GPU Resources

Available in VPC

Here you can learn about the GPU Resources interface. In GPU Resources, you can view the status of the GPU resources allocated to your Workspace.

Note

ML expert Platform is currently in closed beta service (CBT). GPU resources are separately assigned to the pre-arranged users.

View GPU Resource list

You can view the list of GPU resources assigned to your workspace. The GPU Resource list includes the following information:

mlxp_console_gpuresources03_ko

GPU zone: Identifies the type of GPU resource assigned to your Workspace.
Creation date: Time when the GPU resource was allocated.
Status: Current status of the GPU resource.
Ready Nodes: Number of available GPU nodes.
UnReady Nodes: Number of unavailable GPU nodes.
Total Nodes: Total number of GPU resources allocated to the current Workspace.

Note

ML expert Platform currently provides GPU resources in a private zone.
A private zone means your workspace uses dedicated GPU resources without sharing them with other users.

View available GPU zone information

To view information about the available GPU zone:

View information about the GPU zone available in the Workspace.

    kubectl get managementquota default -o yaml -n w-{ workspace name }

  spec:
  type: workspace
  zones:
    privateZones:
      # The Workspace can use GPU resources in the "gpu-private-zone."
      gpu-private-zone: ["*"]

View information about the GPU zone available in the Project.

    kubectl get managementquota default -o yaml -n p-{ project name}

  spec:
  type: project
  zones:
    privateZones:
      # The Project can use GPU resources in the "gpu-private-zone."
      gpu-private-zone: ["*"]

How to use GPU zone information

When using any feature that relies on GPU resources, you need to specify the GPU zone information.

When creating a pod using PyTorchJob, add a nodeSelector to specify the GPU zone where the pod will run.

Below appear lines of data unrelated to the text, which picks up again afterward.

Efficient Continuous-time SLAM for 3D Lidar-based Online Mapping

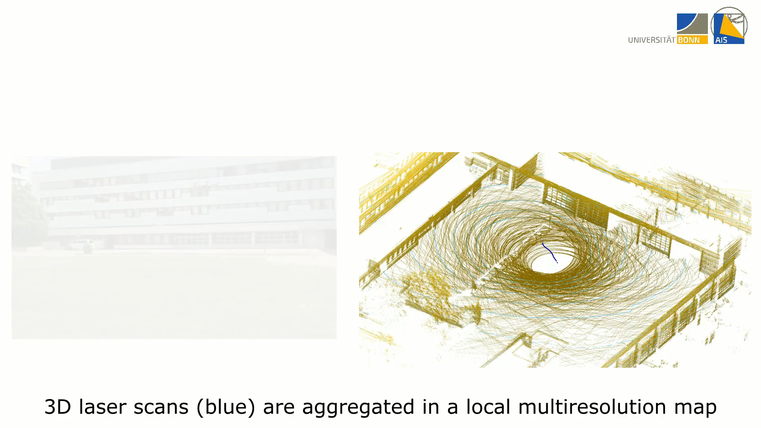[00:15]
LiDAR measurements are aggregated in local multiresolution maps by means of SERFL-based registration.
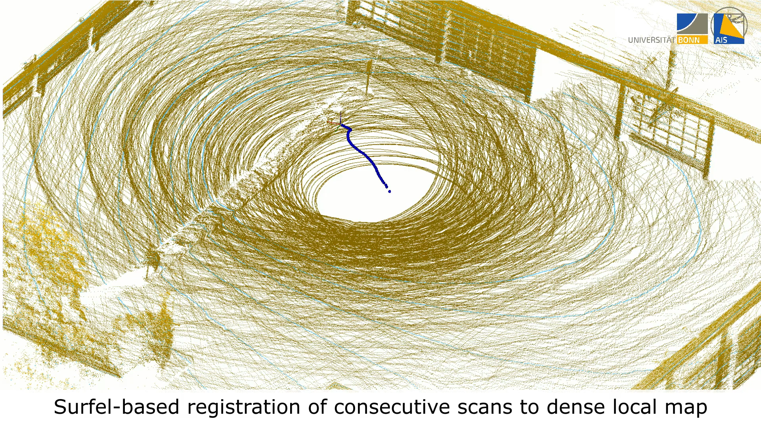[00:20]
The local maps from different view poses are used in a multilevel graph for allocentric mapping and localization.
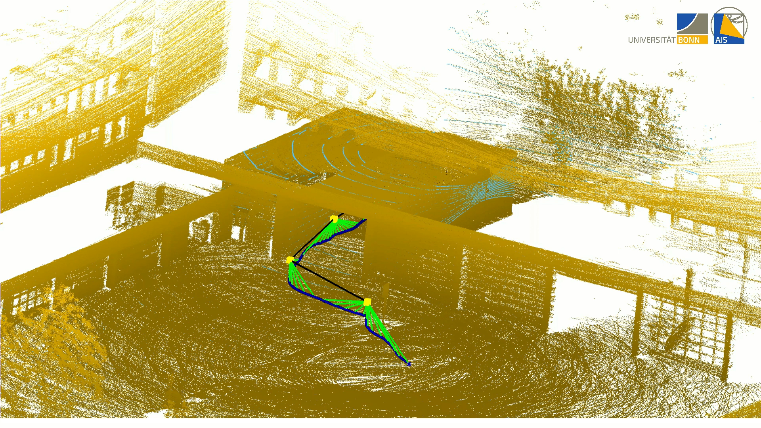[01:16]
Local maps that are added to the pose graph are subject to our refinement method, reassessing the alignment of 3D scans when more information is available.
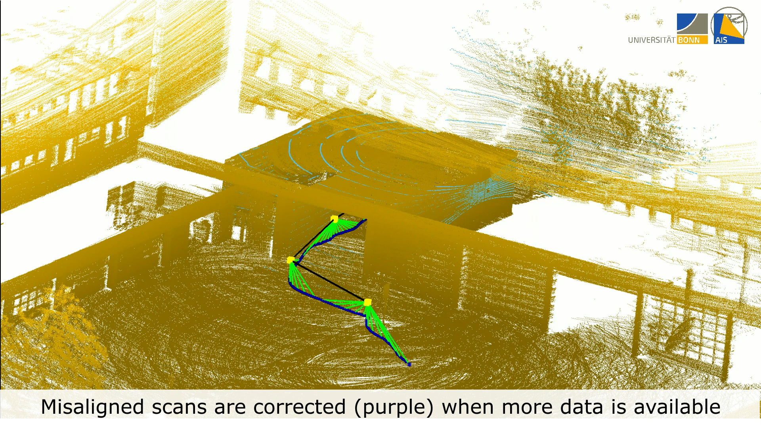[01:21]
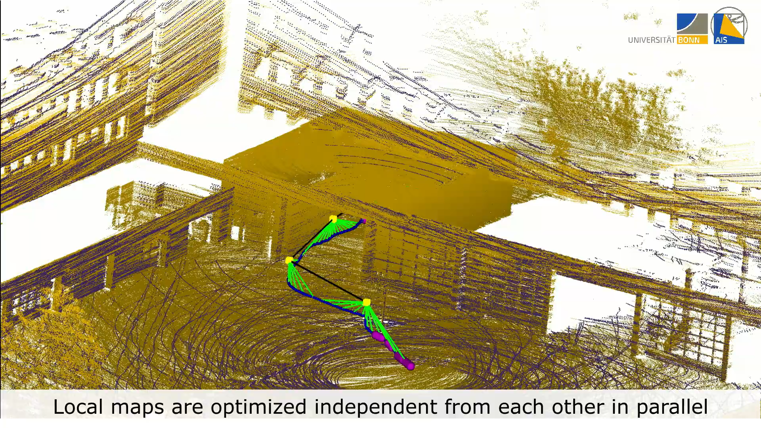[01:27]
On their local timescale, subgraphs are independent from each other, allowing to minimize errors independent from other parts of the graph.
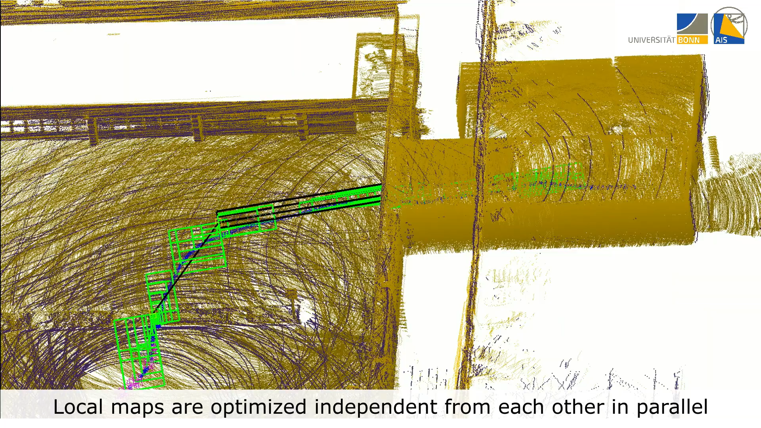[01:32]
After realigning selected 3D scans from a local map,
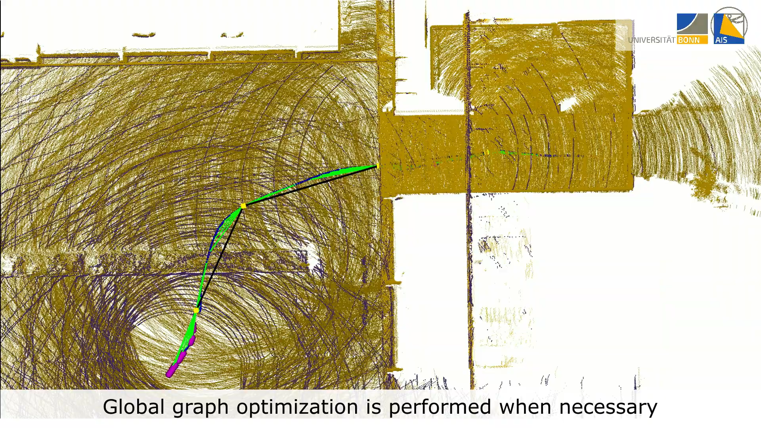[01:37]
the sensor trajectory is optimized, first for refined local maps, then for the complete pose graph. Optimization results from subgraphs are incorporated in the higher-level pose graph, correcting the view poses of the local maps.
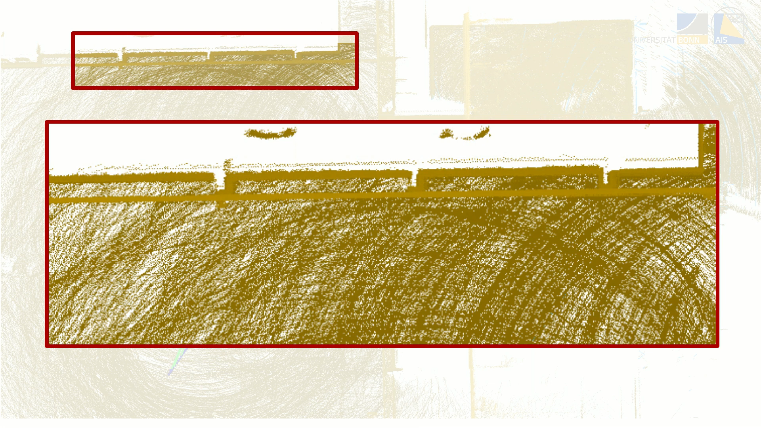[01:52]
By that, misaligned 3D scans are corrected and the map quality is increased.
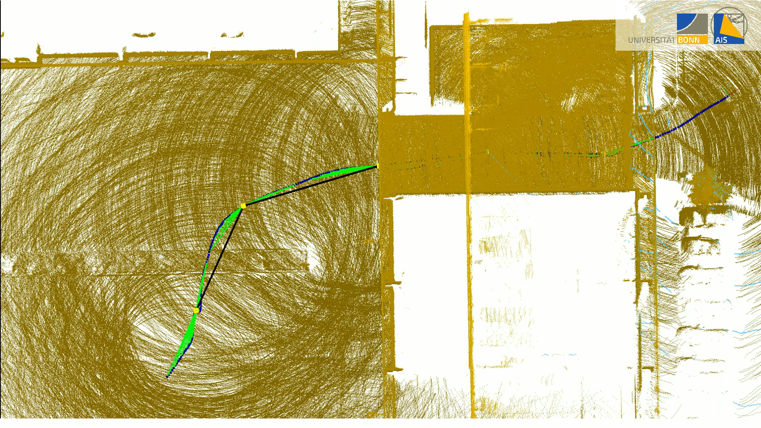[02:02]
During operation, we iteratively refine subgraphs in parallel, depending on the available resources.
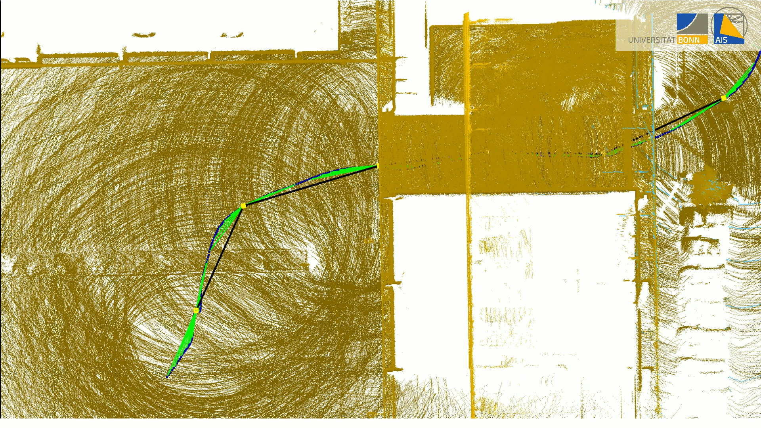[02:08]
Global optimization of the full graph is only performed when the local optimization has changed a subgraph significantly,
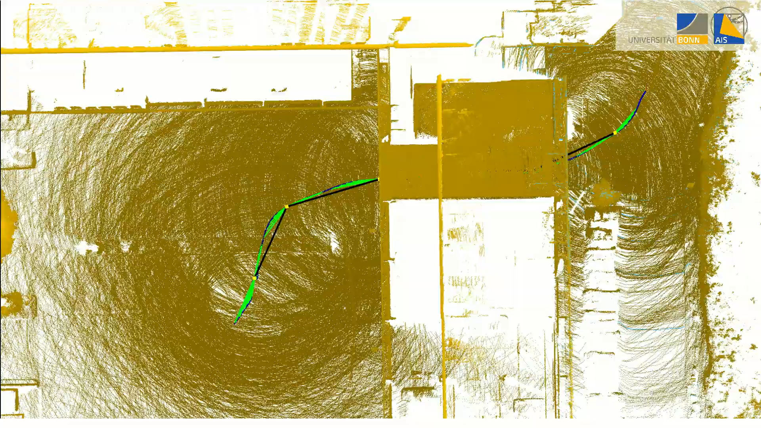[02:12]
or a loop closure constraint was added. Similarly, if global optimization was triggered by loop closure, subgraphs are refined when the corresponding map node changed.
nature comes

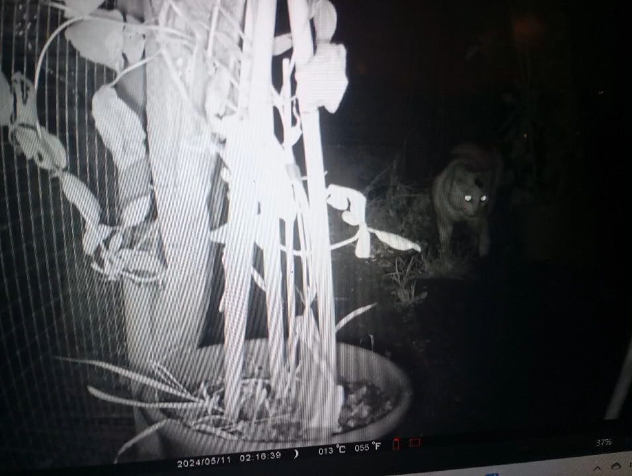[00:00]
Hi guys, it looks like the black and white cat came, Mr.
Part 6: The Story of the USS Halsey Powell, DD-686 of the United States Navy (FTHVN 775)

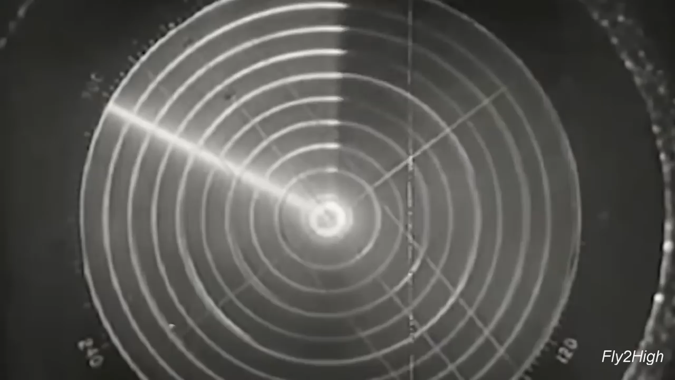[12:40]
which faded, then disappeared from radar, pretty much confirming they were dealing with a submarine.
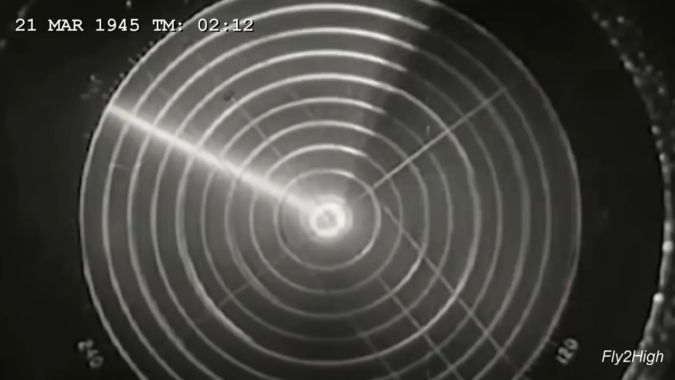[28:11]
an enemy plane was seen on radar, closing from a distance of 3,000 yards. The skipper elected not to fire, so as not to reveal their position.
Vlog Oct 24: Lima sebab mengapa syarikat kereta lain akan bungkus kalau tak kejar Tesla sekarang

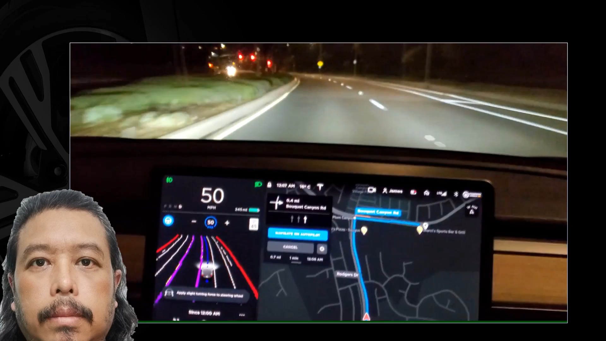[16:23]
Line jalan Dia nampak Daripada jauh Dia dah nampak Mata dia dah boleh nampak Dan kamera Dia dah nampak Di mana ada line Dia dah baca Dia dah konstruk Dalam dunia dia Virtual dia Line tu di mana Dan dia dah menunjukkan Path laluan mana Yang dia akan ambil Dan laluan yang berkemungkinan Sekiranya perlu berubah So ini semua menunjukkan Ianya satu sistem Yang sangat kompleks Dan telah berjaya Menggunakan chip baru Dan juga Architecture software baru Yang telah mereka hasilkan Untuk chip baru mereka Dan chip ni dikatakan Sangat berkuasa lah Dan ini

apiVersion: "kubeflow.org/v1"
kind: "PyTorchJob"
metadata:
  name: "pytorch-dist-mnist-nccl"
spec:
  pytorchReplicaSpecs:
    Master:
      replicas: 1
      restartPolicy: OnFailure
      template:
        metadata:
          labels:
            app: my-app
        spec:
          nodeSelector:
            mlx.navercorp.com/zone: ai-infra
          containers:
            - name: pytorch
              image: kubeflow/pytorch-dist-mnist:latest
              args: ["--backend", "nccl"]
              resources:
                limits:
                  nvidia.com/gpu: 1
    Worker:
      replicas: 2
      restartPolicy: OnFailure
      template:
        metadata:
          labels:
            app: my-app
        spec:
          containers:
            - name: pytorch
              image: kubeflow/pytorch-dist-mnist:latest
              args: ["--backend", "nccl"]
              resources:
                limits:
                  nvidia.com/gpu: 1
          nodeSelector:
            mlx.navercorp.com/zone: ai-infra

Also for the pod, which is the basis of all workloads, you need to specify the GPU zone in the nodeSelector.

apiVersion: v1
kind: Pod
metadata:
  name: sleep
  annotations:
    sidecar.istio.io/inject: "false"
spec:
  nodeSelector:
    mlx.navercorp.com/zone: ai-infra
  containers:
    - image: reg.navercorp.com/base/ubuntu:22.04
      command: ["/bin/bash", "-c", "sleep inf"]
      imagePullPolicy: IfNotPresent
      name: sleep

View GPU instance details

You can view the status information of GPU instances inside a GPU zone.

mlxp_console_gpuresources03_ko

GPU instance name: Name of the GPU instance assigned to the GPU zone.
Creation date: Time when the GPU instance was created
Status: The GPU instance status.
- Ready: The GPU instance is available.
- NotReady: The GPU instance is unavailable due to hardware failure or other issues.
- Unschedulable: The GPU instance is functioning but excluded from the list of available resources.
- Unknown: The GPU instance requires an inspection due to an issue.
Project: The name of the project to which the GPU instance is assigned.

Manage GPU instance

You can assign GPU instances within a GPU zone to specific projects.

Note

You need to assign GPU instances allocated to your Workspace to each project when you first access.
Only Admin and Writer roles in the Workspace can use the GPU Instance management features.

In the GPU instance management popup, select a project and then select the GPU instance to be used in the project.
Click the Save button to assign the selected GPU instance to the project.
Click the Reset button to reload the GPU instance information assigned to the selected project.

Caution

GPU instances can be assigned to multiple projects at the same time.
The GPU instance management features are for assigning preliminary resources available for each project; it does not reflect the real-time status of pods currently in use. If you assign a GPU instance with pods in use to another project, the pods do not restart because the assigned project information has changed.